3. The Opposite Party Nos. 1 and 2 by filing a written version have stated that the complainants with their full satisfaction had accepted the possession of the unit upon execution and registration of Deed of Conveyance dated 22.7.2016 and as such the complaint should be dismissed with costs.

4. On behalf of Complainants, one Sri Pinaki Guha Thakurta, Constituted Attorney of the complainants has tendered evidence through affidavit. The said person has also given reply against the questionnaire set forth by the OPs.

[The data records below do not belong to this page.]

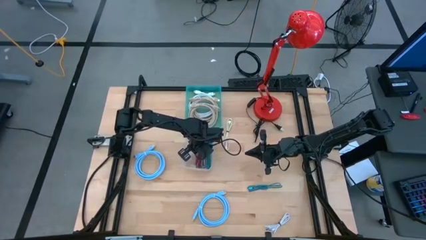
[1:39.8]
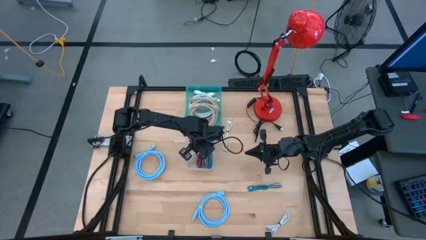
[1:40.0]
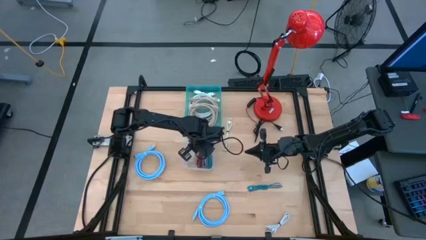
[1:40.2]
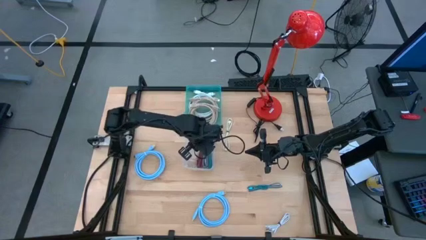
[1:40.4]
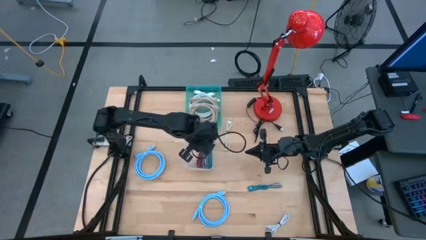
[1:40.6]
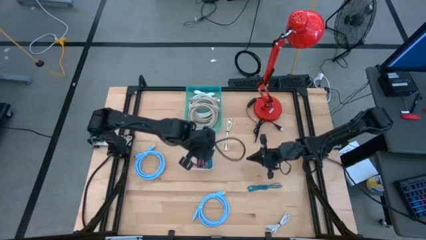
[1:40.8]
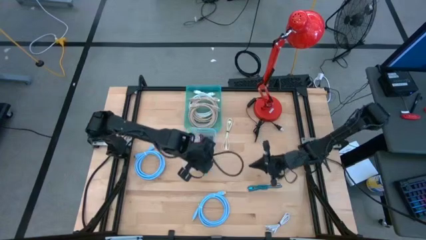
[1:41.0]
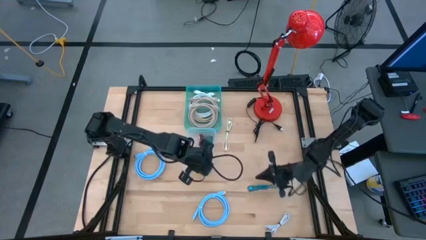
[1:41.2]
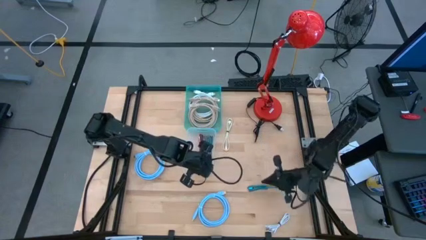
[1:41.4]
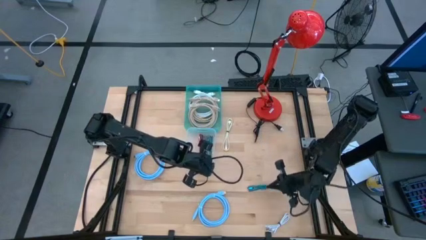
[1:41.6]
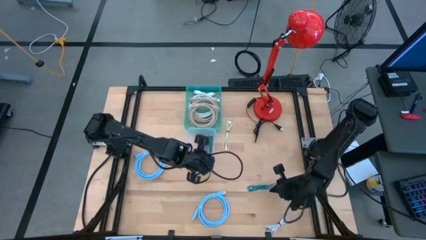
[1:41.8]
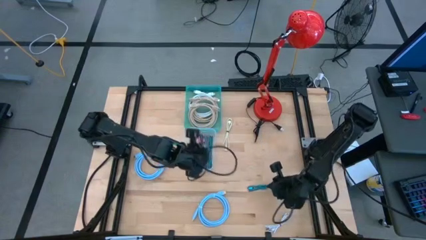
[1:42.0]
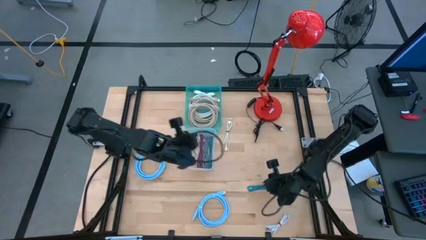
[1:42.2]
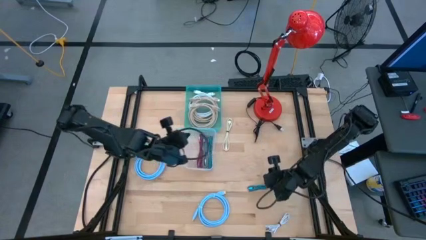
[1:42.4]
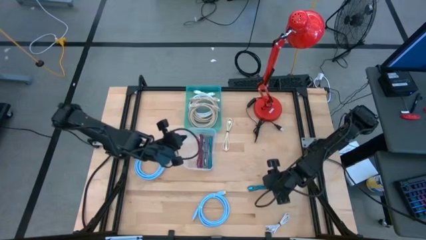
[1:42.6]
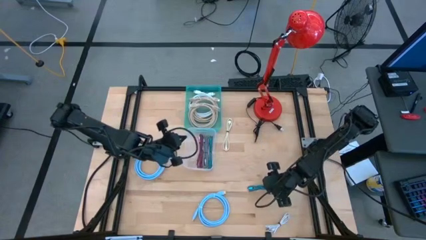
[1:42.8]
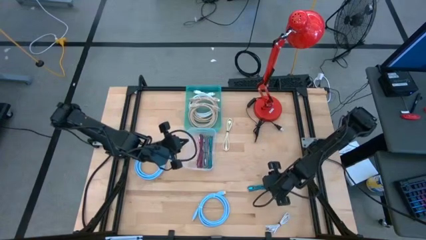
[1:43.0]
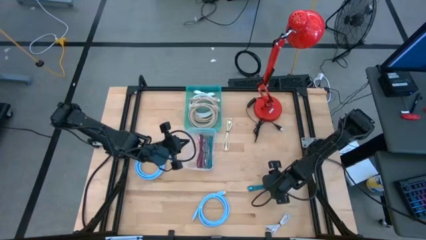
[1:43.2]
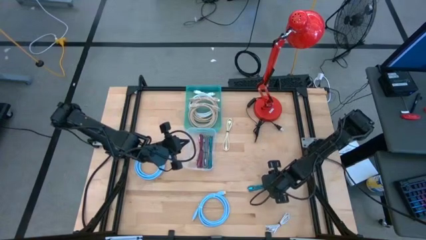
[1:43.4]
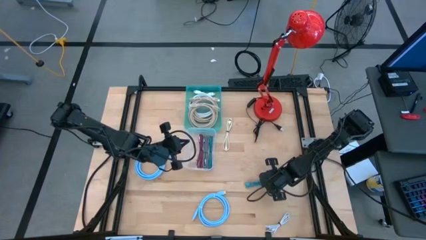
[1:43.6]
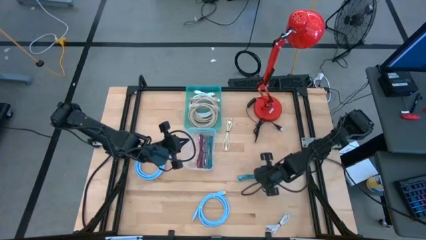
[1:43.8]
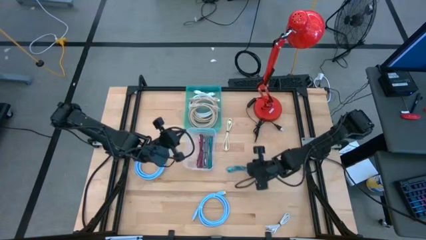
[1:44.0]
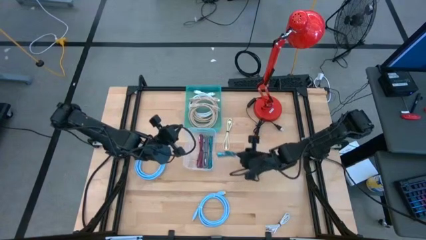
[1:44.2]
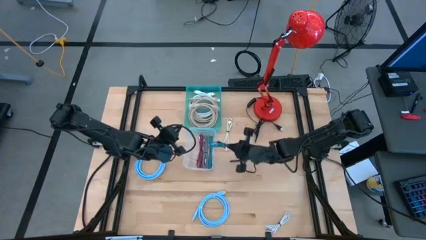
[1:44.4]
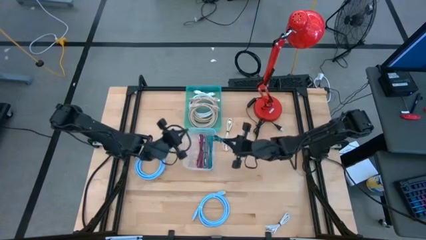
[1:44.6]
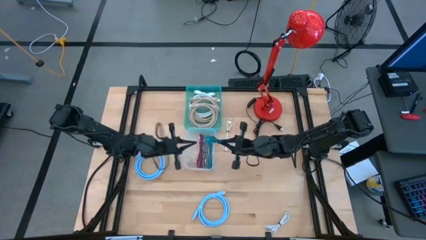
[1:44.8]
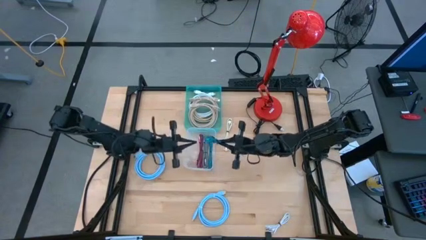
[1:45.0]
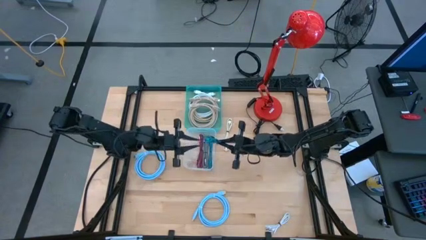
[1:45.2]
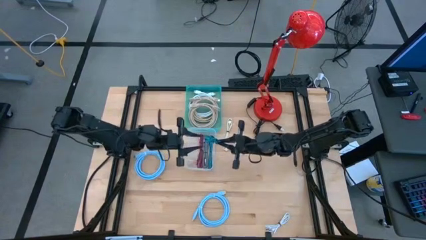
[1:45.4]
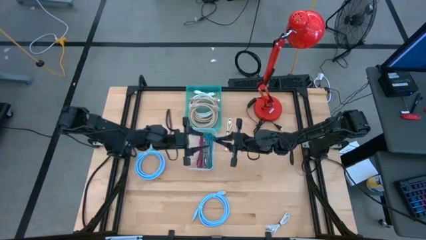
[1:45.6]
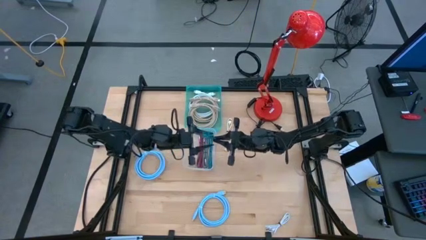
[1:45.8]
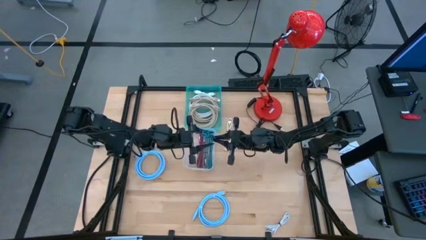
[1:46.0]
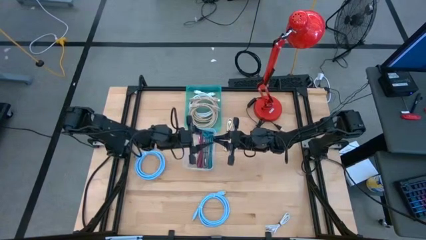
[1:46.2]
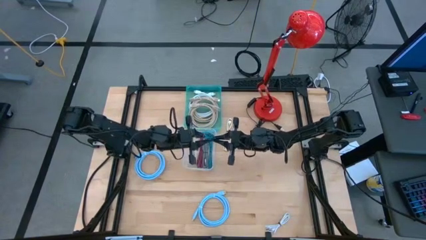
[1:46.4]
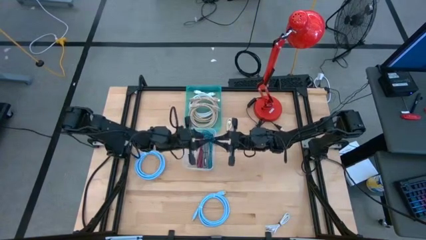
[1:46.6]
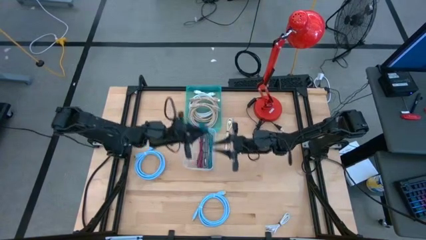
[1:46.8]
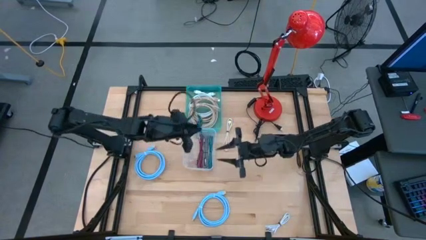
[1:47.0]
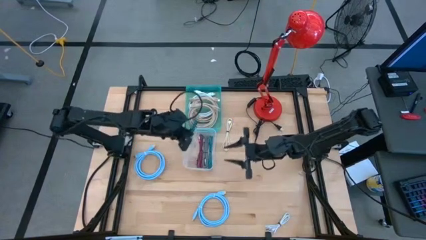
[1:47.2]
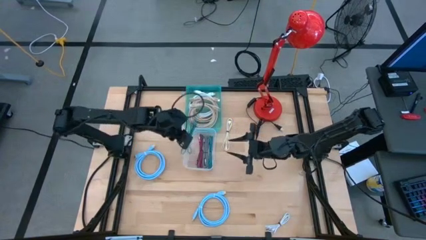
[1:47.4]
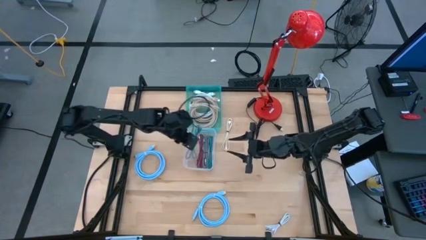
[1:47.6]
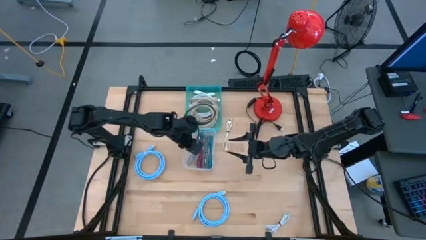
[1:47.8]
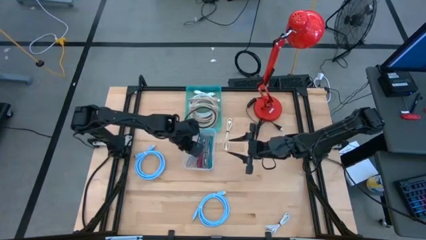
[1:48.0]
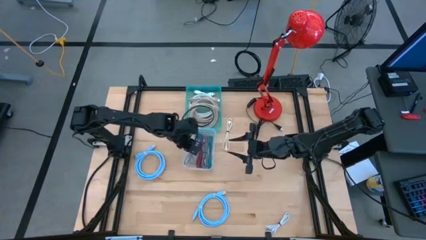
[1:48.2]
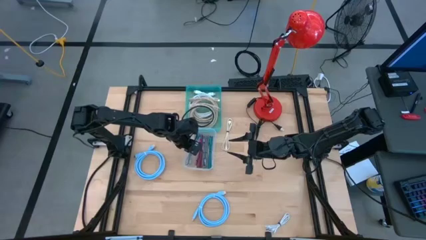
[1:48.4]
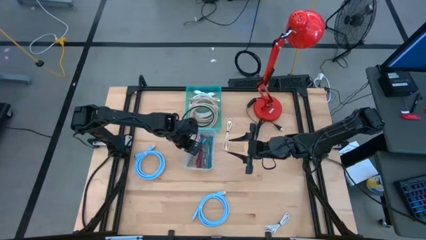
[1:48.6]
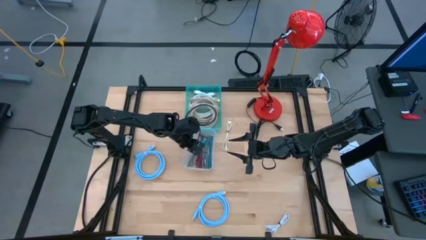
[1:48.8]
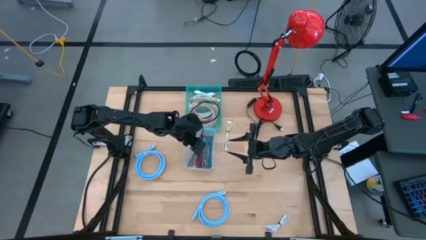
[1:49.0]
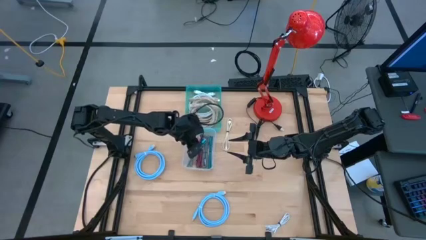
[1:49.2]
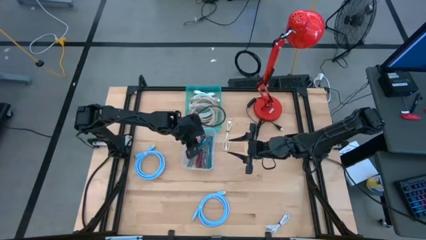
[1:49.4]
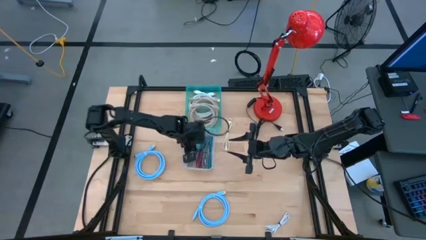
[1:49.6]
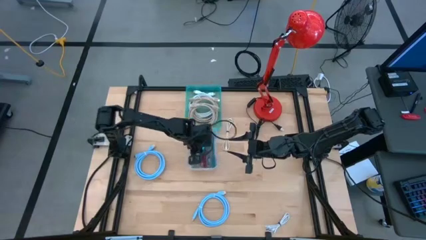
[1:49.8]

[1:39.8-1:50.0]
Task: Pick & Place USB Port
Put the blue black tied USB cable into the transparent bin

5. On the other hand, on behalf of OPs, one Sri Abhishek Mitra, Authorised Signatory of OPs has filed the evidence through affidavit. The said Abhishek Mitra has also given reply against the questionnaire set forth by the complainants. Besides the same, both the parties have relied upon the several documents. At the time of final hearing, both the parties have filed brief notes of argument in support of their respective cases.

6. The overwhelming evidence on record make it abundantly clear that the complainants had entered into an agreement with Happy Highrises Limited on 8.3.2013 to purchase of a residential flat measuring about 1359 sq. ft. super built up area being Unit No. 1803 on the 18th floor in the Tower named ‘Aravali’ together with right to use one multi level car parking space as mentioned in part-I and part-II of Third Schedule to the agreement for sale in the complex christened ‘Godrej Prakriti’ lying and situated at Municipal holding No. 187F/1, B.T. Road, P.S.-Khardah, Kolkata-700115, Dist- North 24, Parganas within the local limits of Ward No. 14 of Panihati Municipality at a total consideration of Rs. 42,50,669 for the flat and Rs. 2,50,000 for the car parking space aggregating Rs. 44,50,669.

7. It remains undisputed that on payment of entire consideration amount, the OP No. 1 Company had issued notice of possession letter on 14.1.2016. Subsequently, the Deed of Conveyance was executed and registered on 22.7.2016.

8. Mr. N.R. Mukherjee, learned Advocate for the complainant submits that though the complainants has claimed several reliefs on various grounds including common facilities and benefits like swimming pool, football ground, Multi-speciality Hospital, Retail Store, Sewerage Treatment Plant, Boundary wall etc but as they are relating to common amenities/facilities, when no permission has been sought for to initiate a ‘class action’ in accordance with Section 12(1)(c) of the Act, the complainant is not entitled to any relief regarding common facilities and benefits. Therefore, he has confined his claim only in respect of his compensation drawing our attention to Clause 15.5 to the agreement for sale executed between the parties. The relevant clause runs as follows:

“15.5. In the event there being no default on the part of the Purchaser, the Owner fails to deliver possession of the Unit within 30 June, 2014, the Owner shall pay interest on the amount to be paid by the Purchaser till that date at the rate of 9% per annum from 1st July, 2014 till the expiry of the notice of possession and adjustable with the last instalment. If the Owner fails to deliver possession of the said Unit to the Purchaser within 31st December, 2014, then this agreement would come to an end and the Owner shall refund to the Purchaser the entire amount paid by the Purchaser together with interest thereon at the rate of 9% per annum from 1st July, 2014 till the date of payment.”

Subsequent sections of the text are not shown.